--- Available data ---

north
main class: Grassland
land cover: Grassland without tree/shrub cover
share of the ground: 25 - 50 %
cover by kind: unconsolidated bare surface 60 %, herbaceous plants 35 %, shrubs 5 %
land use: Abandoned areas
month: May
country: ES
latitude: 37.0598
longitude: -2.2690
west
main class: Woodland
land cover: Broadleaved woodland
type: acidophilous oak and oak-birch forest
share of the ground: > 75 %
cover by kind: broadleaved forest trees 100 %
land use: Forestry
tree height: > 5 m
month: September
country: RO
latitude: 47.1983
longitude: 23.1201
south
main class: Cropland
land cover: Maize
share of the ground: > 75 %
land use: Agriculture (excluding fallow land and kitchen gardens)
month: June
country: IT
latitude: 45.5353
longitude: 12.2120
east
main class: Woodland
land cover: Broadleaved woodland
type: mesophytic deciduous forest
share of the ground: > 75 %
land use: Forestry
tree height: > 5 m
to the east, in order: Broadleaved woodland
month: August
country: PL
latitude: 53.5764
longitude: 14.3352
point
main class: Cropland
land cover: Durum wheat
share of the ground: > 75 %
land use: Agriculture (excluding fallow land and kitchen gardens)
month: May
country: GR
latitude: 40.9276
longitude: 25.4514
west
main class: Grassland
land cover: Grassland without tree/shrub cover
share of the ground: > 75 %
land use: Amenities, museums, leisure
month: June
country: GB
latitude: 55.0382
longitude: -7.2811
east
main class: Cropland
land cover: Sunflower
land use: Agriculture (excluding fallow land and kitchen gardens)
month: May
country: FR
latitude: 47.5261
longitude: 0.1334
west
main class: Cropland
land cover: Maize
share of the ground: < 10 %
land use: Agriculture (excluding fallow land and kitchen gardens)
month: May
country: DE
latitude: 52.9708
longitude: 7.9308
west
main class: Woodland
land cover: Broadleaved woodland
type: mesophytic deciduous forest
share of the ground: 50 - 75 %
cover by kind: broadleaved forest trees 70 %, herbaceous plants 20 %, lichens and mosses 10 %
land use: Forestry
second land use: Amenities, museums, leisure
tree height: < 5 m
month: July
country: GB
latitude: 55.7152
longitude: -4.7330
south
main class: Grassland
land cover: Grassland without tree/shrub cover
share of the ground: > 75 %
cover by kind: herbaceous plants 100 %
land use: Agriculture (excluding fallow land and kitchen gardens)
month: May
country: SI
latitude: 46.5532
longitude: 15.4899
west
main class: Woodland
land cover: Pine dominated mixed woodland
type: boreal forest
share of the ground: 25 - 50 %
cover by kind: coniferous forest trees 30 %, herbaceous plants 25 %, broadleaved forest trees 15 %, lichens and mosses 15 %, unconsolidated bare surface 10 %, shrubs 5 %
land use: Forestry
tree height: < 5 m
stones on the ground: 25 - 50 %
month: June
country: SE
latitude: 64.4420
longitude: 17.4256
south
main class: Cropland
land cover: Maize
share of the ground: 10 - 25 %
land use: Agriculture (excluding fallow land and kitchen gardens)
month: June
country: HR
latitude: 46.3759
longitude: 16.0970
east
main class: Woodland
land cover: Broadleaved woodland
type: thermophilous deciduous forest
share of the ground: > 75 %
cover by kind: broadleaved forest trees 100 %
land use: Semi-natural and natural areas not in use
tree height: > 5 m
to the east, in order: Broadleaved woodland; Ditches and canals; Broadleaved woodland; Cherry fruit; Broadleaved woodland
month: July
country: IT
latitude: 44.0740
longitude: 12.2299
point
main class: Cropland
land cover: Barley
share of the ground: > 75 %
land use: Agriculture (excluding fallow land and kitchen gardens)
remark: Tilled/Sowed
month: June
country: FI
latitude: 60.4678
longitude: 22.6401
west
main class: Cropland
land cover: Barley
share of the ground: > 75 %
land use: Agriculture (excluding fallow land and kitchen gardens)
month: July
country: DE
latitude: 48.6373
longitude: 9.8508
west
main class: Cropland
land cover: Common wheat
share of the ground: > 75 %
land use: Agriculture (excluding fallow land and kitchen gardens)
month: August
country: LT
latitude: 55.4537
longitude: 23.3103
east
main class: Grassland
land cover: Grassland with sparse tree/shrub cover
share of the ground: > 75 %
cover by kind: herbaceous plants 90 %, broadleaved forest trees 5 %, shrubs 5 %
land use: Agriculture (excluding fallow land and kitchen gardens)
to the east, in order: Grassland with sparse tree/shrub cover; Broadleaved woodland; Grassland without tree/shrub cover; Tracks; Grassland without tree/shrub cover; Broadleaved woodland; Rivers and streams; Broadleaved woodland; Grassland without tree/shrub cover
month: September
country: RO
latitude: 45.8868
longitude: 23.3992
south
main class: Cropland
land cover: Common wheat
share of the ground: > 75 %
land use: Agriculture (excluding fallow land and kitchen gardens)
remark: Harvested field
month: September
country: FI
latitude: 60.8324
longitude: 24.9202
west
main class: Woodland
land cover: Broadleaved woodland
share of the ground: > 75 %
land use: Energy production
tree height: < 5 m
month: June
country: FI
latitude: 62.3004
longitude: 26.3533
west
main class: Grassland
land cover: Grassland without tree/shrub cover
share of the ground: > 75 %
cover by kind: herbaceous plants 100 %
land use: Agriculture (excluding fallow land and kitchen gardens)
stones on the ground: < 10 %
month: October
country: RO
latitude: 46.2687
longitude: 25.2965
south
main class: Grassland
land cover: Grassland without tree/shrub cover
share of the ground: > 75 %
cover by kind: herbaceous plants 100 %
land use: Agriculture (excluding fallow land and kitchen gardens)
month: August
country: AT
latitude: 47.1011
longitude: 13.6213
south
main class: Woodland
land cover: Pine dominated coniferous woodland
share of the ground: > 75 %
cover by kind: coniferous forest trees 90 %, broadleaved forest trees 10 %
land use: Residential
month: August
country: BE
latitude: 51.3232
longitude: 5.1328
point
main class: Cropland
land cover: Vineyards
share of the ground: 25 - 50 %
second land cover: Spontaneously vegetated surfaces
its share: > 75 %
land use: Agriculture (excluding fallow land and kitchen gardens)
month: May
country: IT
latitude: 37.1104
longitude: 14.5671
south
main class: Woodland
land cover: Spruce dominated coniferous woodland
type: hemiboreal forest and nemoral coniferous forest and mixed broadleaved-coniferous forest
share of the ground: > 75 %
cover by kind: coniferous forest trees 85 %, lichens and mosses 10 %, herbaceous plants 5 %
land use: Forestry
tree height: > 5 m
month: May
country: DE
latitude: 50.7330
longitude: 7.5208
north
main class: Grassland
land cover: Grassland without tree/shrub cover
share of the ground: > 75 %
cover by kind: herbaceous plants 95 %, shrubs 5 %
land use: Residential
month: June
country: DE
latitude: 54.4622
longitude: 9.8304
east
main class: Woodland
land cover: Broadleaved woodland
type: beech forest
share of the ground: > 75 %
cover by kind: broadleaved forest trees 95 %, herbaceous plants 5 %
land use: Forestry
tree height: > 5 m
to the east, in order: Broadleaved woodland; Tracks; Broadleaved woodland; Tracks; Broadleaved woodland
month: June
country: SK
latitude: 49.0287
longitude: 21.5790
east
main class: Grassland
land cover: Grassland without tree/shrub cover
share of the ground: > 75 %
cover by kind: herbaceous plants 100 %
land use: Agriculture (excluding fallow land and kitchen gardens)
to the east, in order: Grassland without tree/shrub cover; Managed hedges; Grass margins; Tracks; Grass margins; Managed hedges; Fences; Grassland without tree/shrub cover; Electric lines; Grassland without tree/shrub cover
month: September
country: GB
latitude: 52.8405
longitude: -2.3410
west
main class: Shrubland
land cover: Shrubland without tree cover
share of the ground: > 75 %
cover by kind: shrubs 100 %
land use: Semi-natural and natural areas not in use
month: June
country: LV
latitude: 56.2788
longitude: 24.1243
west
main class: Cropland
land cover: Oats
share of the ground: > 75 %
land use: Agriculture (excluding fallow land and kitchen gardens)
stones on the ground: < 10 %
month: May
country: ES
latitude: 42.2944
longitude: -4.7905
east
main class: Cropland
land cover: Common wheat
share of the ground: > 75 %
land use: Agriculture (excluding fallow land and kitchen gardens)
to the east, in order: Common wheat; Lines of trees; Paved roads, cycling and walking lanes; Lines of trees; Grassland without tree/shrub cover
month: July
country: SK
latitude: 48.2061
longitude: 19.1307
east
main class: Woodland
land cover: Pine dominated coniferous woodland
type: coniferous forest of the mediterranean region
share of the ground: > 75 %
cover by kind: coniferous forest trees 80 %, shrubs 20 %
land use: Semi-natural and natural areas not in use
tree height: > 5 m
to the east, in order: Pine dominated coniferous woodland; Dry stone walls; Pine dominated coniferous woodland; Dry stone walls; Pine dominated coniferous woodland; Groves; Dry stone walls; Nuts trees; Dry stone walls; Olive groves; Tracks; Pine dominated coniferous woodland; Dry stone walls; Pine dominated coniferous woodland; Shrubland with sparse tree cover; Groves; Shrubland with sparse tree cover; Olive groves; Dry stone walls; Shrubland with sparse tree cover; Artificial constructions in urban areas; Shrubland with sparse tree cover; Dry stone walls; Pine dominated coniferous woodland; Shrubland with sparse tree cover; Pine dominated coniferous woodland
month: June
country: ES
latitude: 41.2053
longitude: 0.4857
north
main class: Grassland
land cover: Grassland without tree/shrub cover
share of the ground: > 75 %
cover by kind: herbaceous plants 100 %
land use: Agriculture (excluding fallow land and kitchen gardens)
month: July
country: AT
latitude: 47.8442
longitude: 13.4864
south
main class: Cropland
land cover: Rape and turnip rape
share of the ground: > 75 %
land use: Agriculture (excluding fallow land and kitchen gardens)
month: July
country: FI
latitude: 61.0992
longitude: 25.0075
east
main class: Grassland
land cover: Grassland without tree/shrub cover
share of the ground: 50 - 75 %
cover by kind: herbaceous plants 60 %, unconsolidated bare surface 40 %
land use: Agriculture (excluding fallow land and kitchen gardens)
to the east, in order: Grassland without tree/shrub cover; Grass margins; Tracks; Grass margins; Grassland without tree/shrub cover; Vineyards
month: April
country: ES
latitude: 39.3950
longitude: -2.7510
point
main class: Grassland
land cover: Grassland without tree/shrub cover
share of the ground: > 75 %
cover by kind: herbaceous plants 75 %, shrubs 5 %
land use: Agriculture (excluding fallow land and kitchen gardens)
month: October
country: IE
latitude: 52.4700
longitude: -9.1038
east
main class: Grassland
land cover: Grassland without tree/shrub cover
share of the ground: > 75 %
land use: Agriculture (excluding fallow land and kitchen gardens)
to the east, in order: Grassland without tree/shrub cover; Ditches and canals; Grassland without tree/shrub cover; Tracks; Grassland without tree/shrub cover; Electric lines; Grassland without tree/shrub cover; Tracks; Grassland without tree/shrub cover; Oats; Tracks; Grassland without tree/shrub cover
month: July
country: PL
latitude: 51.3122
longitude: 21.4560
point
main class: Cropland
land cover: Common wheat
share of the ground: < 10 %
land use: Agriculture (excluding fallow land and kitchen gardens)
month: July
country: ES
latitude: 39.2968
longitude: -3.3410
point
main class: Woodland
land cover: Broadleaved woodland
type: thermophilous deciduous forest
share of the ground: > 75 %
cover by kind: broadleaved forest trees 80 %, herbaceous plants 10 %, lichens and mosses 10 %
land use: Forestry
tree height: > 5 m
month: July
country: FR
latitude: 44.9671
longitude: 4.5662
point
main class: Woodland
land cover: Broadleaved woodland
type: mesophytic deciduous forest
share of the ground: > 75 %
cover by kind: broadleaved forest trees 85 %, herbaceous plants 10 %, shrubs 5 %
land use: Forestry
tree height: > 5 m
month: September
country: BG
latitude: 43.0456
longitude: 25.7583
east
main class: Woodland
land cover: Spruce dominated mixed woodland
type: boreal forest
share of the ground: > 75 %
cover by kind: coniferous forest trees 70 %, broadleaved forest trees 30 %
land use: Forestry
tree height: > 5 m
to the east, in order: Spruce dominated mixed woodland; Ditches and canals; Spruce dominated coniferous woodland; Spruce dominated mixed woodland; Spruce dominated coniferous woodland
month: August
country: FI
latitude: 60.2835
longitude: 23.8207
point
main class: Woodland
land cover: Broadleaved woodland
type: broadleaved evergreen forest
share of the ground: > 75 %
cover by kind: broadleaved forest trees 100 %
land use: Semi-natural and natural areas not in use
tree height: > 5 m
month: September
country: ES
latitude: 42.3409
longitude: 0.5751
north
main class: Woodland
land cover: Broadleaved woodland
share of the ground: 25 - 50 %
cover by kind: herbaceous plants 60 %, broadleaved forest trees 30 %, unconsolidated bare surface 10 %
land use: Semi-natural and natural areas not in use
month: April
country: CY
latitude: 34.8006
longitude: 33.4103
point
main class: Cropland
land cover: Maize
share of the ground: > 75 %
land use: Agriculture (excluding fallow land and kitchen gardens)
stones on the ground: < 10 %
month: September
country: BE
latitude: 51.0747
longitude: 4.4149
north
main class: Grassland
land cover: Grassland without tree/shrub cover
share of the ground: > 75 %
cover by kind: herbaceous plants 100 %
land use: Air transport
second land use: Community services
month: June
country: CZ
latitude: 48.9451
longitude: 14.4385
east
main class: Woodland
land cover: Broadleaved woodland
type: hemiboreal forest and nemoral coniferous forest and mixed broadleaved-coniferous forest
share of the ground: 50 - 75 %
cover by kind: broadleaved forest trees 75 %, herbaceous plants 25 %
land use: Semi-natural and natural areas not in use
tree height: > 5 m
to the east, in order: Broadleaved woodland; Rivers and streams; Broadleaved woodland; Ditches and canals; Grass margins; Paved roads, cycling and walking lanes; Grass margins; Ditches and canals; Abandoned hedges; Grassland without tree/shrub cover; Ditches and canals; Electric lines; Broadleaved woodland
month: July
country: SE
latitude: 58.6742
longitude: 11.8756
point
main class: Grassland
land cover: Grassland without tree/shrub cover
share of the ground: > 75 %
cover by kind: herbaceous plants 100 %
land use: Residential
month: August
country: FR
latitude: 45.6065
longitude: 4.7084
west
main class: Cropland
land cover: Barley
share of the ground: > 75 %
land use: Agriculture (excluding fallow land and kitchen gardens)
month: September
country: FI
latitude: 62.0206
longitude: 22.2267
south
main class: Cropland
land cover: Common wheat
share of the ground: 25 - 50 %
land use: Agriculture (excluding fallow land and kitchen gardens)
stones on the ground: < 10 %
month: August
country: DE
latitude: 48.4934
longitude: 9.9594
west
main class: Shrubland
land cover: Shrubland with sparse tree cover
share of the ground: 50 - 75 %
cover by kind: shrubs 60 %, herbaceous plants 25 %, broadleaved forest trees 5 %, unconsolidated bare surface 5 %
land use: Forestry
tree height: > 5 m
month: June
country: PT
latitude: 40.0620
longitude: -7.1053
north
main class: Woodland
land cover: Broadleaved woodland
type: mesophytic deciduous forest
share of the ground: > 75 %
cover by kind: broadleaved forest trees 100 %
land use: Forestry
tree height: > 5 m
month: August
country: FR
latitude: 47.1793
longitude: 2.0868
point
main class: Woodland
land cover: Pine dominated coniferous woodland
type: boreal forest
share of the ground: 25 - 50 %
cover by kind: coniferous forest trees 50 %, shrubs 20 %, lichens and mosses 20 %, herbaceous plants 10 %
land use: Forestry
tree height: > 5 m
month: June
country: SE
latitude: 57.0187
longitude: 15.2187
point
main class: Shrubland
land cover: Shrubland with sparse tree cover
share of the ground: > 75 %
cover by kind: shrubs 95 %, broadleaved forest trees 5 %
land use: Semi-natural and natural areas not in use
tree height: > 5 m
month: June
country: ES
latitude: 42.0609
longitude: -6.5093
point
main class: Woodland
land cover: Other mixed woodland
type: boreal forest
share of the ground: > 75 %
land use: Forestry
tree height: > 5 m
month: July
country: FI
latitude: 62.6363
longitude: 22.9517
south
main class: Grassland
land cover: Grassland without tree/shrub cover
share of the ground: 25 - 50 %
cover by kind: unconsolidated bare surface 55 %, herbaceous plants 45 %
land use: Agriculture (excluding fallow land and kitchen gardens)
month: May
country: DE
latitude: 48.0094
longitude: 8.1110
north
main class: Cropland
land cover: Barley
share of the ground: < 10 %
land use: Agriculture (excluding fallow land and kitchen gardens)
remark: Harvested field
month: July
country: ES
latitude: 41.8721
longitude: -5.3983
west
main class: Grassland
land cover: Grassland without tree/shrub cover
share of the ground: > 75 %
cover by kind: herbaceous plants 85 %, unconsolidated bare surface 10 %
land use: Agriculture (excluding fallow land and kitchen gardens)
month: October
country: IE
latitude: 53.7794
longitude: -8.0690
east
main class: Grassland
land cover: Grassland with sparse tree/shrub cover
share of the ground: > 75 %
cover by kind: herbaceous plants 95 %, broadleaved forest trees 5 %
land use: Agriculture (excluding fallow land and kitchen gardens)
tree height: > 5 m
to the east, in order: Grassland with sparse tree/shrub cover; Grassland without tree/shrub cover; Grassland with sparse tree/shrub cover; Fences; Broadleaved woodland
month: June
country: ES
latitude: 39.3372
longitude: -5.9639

---

- _What to do_
Gather up the lines containing the word "Spruce" from these records and copy them.

- _Exercise answer_
land cover: Spruce dominated coniferous woodland
land cover: Spruce dominated mixed woodland
to the east, in order: Spruce dominated mixed woodland; Ditches and canals; Spruce dominated coniferous woodland; Spruce dominated mixed woodland; Spruce dominated coniferous woodland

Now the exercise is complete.